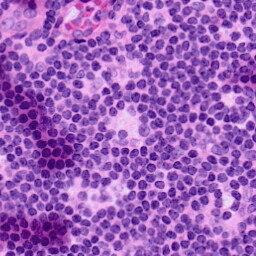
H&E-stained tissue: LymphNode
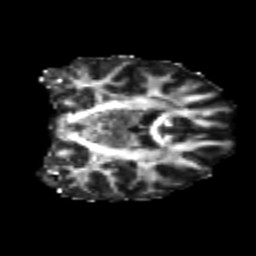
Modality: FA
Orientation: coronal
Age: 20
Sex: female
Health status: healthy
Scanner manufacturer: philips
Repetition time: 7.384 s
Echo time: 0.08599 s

────────────────

# Task instructions
Print every entry verbatim and leave all pictures out.

# Your response
H&E-stained tissue: LymphNode
Modality: FA
Orientation: coronal
Age: 20
Sex: female
Health status: healthy
Scanner manufacturer: philips
Repetition time: 7.384 s
Echo time: 0.08599 s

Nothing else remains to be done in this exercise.